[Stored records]
^^^^^^^^^^^^^^^^
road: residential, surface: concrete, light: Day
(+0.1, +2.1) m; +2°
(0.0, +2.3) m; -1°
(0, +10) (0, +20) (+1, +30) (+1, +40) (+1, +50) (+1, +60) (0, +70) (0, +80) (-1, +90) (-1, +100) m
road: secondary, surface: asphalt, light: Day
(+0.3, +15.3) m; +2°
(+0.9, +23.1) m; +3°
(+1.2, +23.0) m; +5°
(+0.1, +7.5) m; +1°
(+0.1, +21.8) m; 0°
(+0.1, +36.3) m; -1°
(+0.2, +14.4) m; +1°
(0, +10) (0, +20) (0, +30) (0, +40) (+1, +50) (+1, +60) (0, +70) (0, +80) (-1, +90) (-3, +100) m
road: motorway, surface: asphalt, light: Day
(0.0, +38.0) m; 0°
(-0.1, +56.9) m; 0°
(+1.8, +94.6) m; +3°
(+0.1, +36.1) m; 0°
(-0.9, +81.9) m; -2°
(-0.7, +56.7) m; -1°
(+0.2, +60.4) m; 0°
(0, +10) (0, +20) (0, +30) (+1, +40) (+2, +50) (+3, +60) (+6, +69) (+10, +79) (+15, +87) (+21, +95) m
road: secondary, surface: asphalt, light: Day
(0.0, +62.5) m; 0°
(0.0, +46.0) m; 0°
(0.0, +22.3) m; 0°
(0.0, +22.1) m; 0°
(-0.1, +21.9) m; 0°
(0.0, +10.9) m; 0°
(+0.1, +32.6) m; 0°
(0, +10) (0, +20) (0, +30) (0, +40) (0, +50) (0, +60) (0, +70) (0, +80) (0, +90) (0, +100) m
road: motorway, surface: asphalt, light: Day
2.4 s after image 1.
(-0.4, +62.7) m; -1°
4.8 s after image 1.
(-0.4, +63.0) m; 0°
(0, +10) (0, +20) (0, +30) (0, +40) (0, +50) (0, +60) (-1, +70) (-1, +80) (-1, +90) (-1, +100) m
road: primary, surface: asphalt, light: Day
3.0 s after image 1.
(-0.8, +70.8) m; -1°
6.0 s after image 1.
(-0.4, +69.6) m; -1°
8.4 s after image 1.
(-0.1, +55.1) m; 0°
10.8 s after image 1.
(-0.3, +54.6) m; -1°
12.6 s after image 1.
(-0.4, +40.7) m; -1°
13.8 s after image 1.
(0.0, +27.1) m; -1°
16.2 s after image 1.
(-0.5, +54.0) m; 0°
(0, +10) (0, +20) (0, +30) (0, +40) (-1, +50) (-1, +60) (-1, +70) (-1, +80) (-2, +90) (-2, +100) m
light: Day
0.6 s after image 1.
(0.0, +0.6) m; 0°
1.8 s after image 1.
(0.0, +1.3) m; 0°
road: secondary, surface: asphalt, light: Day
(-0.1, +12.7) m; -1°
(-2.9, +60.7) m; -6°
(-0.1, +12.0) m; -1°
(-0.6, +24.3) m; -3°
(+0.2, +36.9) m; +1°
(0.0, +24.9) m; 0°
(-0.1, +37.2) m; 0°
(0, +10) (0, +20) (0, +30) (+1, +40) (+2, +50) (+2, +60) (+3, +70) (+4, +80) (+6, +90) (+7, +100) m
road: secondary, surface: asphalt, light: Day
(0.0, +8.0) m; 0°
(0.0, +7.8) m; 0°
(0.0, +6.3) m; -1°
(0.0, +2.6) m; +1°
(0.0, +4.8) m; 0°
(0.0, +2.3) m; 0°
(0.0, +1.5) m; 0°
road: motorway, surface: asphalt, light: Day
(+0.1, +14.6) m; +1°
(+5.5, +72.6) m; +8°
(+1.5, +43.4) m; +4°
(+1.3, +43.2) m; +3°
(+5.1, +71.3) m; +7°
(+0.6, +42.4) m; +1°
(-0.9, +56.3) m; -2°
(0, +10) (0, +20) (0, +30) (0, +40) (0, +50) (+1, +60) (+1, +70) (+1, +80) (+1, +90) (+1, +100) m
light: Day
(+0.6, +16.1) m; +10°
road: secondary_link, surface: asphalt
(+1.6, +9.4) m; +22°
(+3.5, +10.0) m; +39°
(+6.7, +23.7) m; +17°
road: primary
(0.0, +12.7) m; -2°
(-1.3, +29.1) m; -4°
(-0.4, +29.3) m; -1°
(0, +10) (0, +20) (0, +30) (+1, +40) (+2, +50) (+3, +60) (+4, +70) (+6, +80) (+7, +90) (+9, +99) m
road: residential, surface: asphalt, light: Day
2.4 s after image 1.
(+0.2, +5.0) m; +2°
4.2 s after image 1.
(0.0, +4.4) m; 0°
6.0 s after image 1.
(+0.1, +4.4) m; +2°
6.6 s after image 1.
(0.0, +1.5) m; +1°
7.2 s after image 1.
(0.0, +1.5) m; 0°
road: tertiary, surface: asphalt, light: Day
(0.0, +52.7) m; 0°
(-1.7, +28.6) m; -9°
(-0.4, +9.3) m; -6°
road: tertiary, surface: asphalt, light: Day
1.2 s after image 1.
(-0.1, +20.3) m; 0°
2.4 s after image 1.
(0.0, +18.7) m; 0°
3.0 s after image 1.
^^^^^^^^^^^^^^^^
Which lines run from the one containing "8.4 s after image 1." to the final line of the entries? Return those lines exactly, and only those.

8.4 s after image 1.
(-0.1, +55.1) m; 0°
10.8 s after image 1.
(-0.3, +54.6) m; -1°
12.6 s after image 1.
(-0.4, +40.7) m; -1°
13.8 s after image 1.
(0.0, +27.1) m; -1°
16.2 s after image 1.
(-0.5, +54.0) m; 0°
(0, +10) (0, +20) (0, +30) (0, +40) (-1, +50) (-1, +60) (-1, +70) (-1, +80) (-2, +90) (-2, +100) m
light: Day
0.6 s after image 1.
(0.0, +0.6) m; 0°
1.8 s after image 1.
(0.0, +1.3) m; 0°
road: secondary, surface: asphalt, light: Day
(-0.1, +12.7) m; -1°
(-2.9, +60.7) m; -6°
(-0.1, +12.0) m; -1°
(-0.6, +24.3) m; -3°
(+0.2, +36.9) m; +1°
(0.0, +24.9) m; 0°
(-0.1, +37.2) m; 0°
(0, +10) (0, +20) (0, +30) (+1, +40) (+2, +50) (+2, +60) (+3, +70) (+4, +80) (+6, +90) (+7, +100) m
road: secondary, surface: asphalt, light: Day
(0.0, +8.0) m; 0°
(0.0, +7.8) m; 0°
(0.0, +6.3) m; -1°
(0.0, +2.6) m; +1°
(0.0, +4.8) m; 0°
(0.0, +2.3) m; 0°
(0.0, +1.5) m; 0°
road: motorway, surface: asphalt, light: Day
(+0.1, +14.6) m; +1°
(+5.5, +72.6) m; +8°
(+1.5, +43.4) m; +4°
(+1.3, +43.2) m; +3°
(+5.1, +71.3) m; +7°
(+0.6, +42.4) m; +1°
(-0.9, +56.3) m; -2°
(0, +10) (0, +20) (0, +30) (0, +40) (0, +50) (+1, +60) (+1, +70) (+1, +80) (+1, +90) (+1, +100) m
light: Day
(+0.6, +16.1) m; +10°
road: secondary_link, surface: asphalt
(+1.6, +9.4) m; +22°
(+3.5, +10.0) m; +39°
(+6.7, +23.7) m; +17°
road: primary
(0.0, +12.7) m; -2°
(-1.3, +29.1) m; -4°
(-0.4, +29.3) m; -1°
(0, +10) (0, +20) (0, +30) (+1, +40) (+2, +50) (+3, +60) (+4, +70) (+6, +80) (+7, +90) (+9, +99) m
road: residential, surface: asphalt, light: Day
2.4 s after image 1.
(+0.2, +5.0) m; +2°
4.2 s after image 1.
(0.0, +4.4) m; 0°
6.0 s after image 1.
(+0.1, +4.4) m; +2°
6.6 s after image 1.
(0.0, +1.5) m; +1°
7.2 s after image 1.
(0.0, +1.5) m; 0°
road: tertiary, surface: asphalt, light: Day
(0.0, +52.7) m; 0°
(-1.7, +28.6) m; -9°
(-0.4, +9.3) m; -6°
road: tertiary, surface: asphalt, light: Day
1.2 s after image 1.
(-0.1, +20.3) m; 0°
2.4 s after image 1.
(0.0, +18.7) m; 0°
3.0 s after image 1.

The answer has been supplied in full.